There is evidence that programs for preschool children (e.g., Head Start) reduce delinquency and, by inference, oppositional defiant disorder.13 In elementary school-age children, the greatest evidence on prevention supports parent management strategies. Researched programs include the Triple P-Positive Parenting Program and Incredible Years parenting series. Both of these use self-directed, multimedia, parenting and family support strategies to prevent severe behavioral problems in children by enhancing the knowledge, skills, and confidence of parents. These programs are most appropriate for parents whose children appear to be at risk of developing emotional and/or behavioral problems. School-based programs that focus on anti-bullying, antisocial behavior, or peer groups can also be effective prevention approaches.27
Family physicians should suspect oppositional defiant disorder when parents report an excessively argumentative, defiant, and hostile school-age child. Oppositional defiant disorder is common in children with ADHD, and use of the validated instruments mentioned in this article for the assessment and diagnosis of ADHD can help physicians to identify oppositional defiant disorder. Suspicion for oppositional defiant disorder should be raised when known risk factors (e.g., family history of oppositional defiant disorder/conduct disorder, ADHD, low socioeconomic status) are present. Formal diagnosis may require referral to a children's psychologist or psychiatrist.

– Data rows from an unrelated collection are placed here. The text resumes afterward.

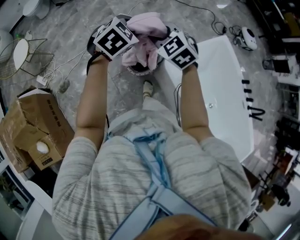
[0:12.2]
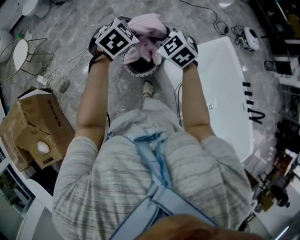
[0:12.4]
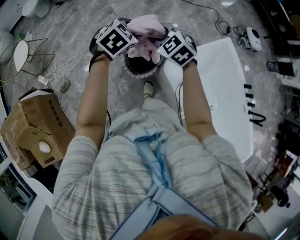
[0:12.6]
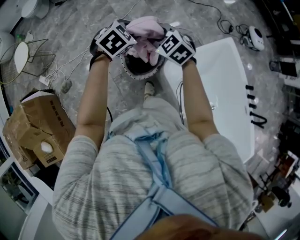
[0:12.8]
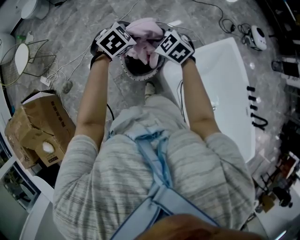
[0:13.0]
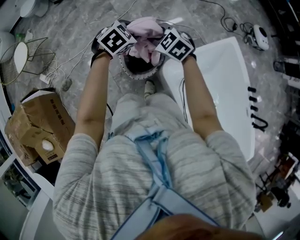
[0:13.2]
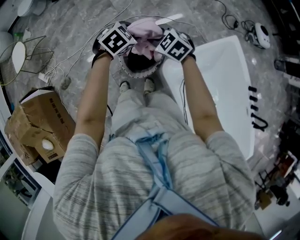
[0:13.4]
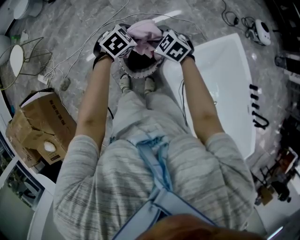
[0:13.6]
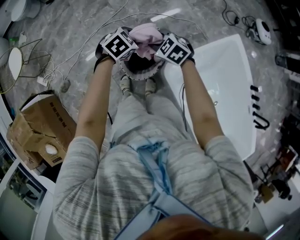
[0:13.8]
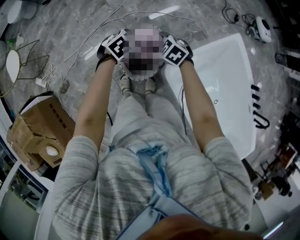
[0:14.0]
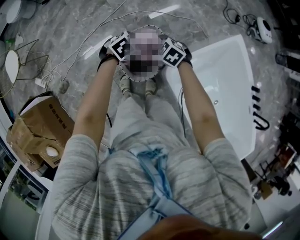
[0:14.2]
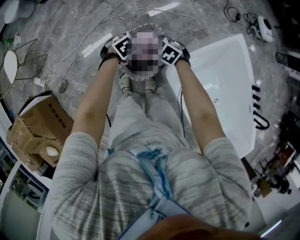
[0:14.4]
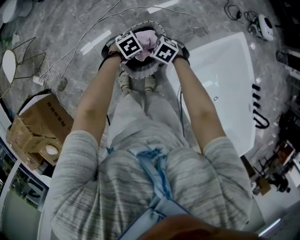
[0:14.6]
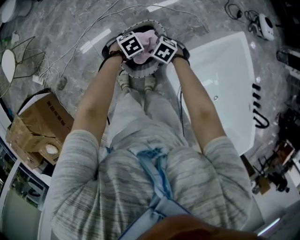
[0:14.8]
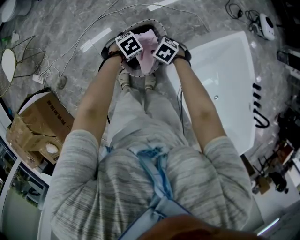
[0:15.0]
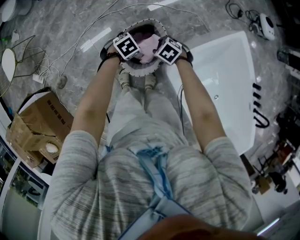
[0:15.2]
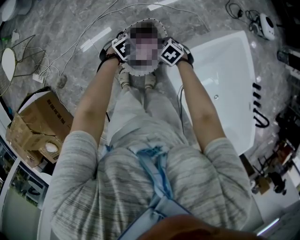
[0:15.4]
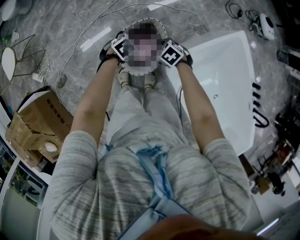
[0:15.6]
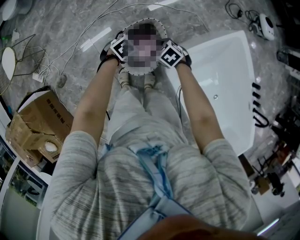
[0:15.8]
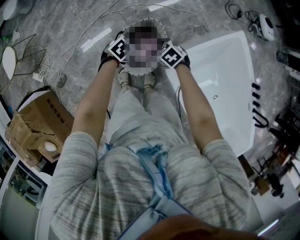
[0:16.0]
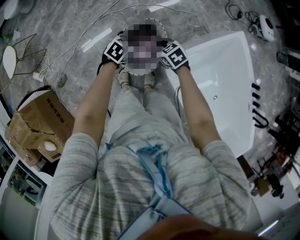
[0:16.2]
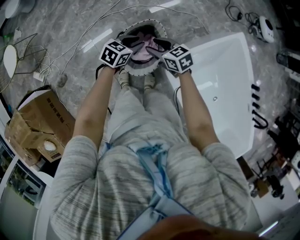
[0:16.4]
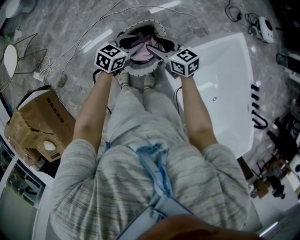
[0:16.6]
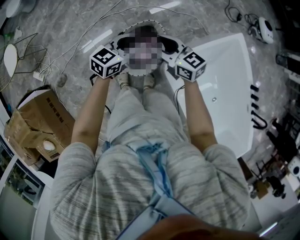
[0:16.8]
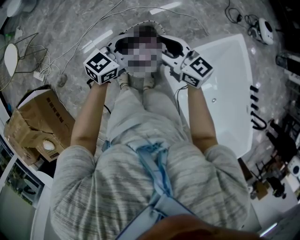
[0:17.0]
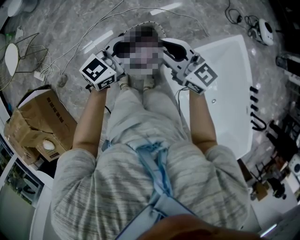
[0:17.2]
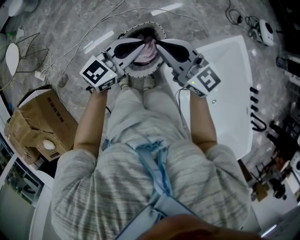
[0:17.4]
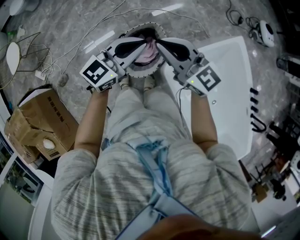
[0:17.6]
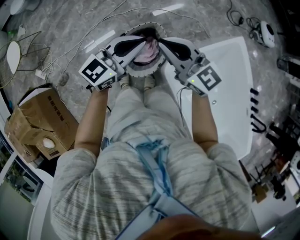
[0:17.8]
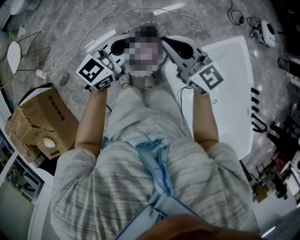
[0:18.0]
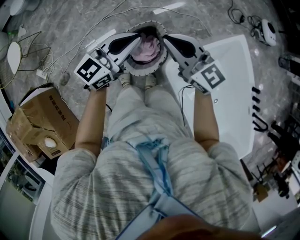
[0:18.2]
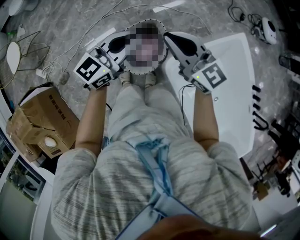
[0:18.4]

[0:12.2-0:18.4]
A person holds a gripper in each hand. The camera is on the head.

Children with oppositional defiant disorder are best served by referral to a professional who is skilled and knowledgeable in evidence-based therapies for these children, although finding such professionals can be challenging. A physician's ability to locate particular resources for a child will depend on the family's insurance, financial resources, and motivation, as well as the availability of such resources in their community. There is no single best way to connect a child to the best services for him or her, and it is often prudent to explore multiple avenues to find the optimal available services. A physician's knowledge of oppositional defiant disorder, its typical symptoms, and best available treatments can allow the physician to serve as a patient advocate, to connect families with services, and to provide families with educational materials and online resources.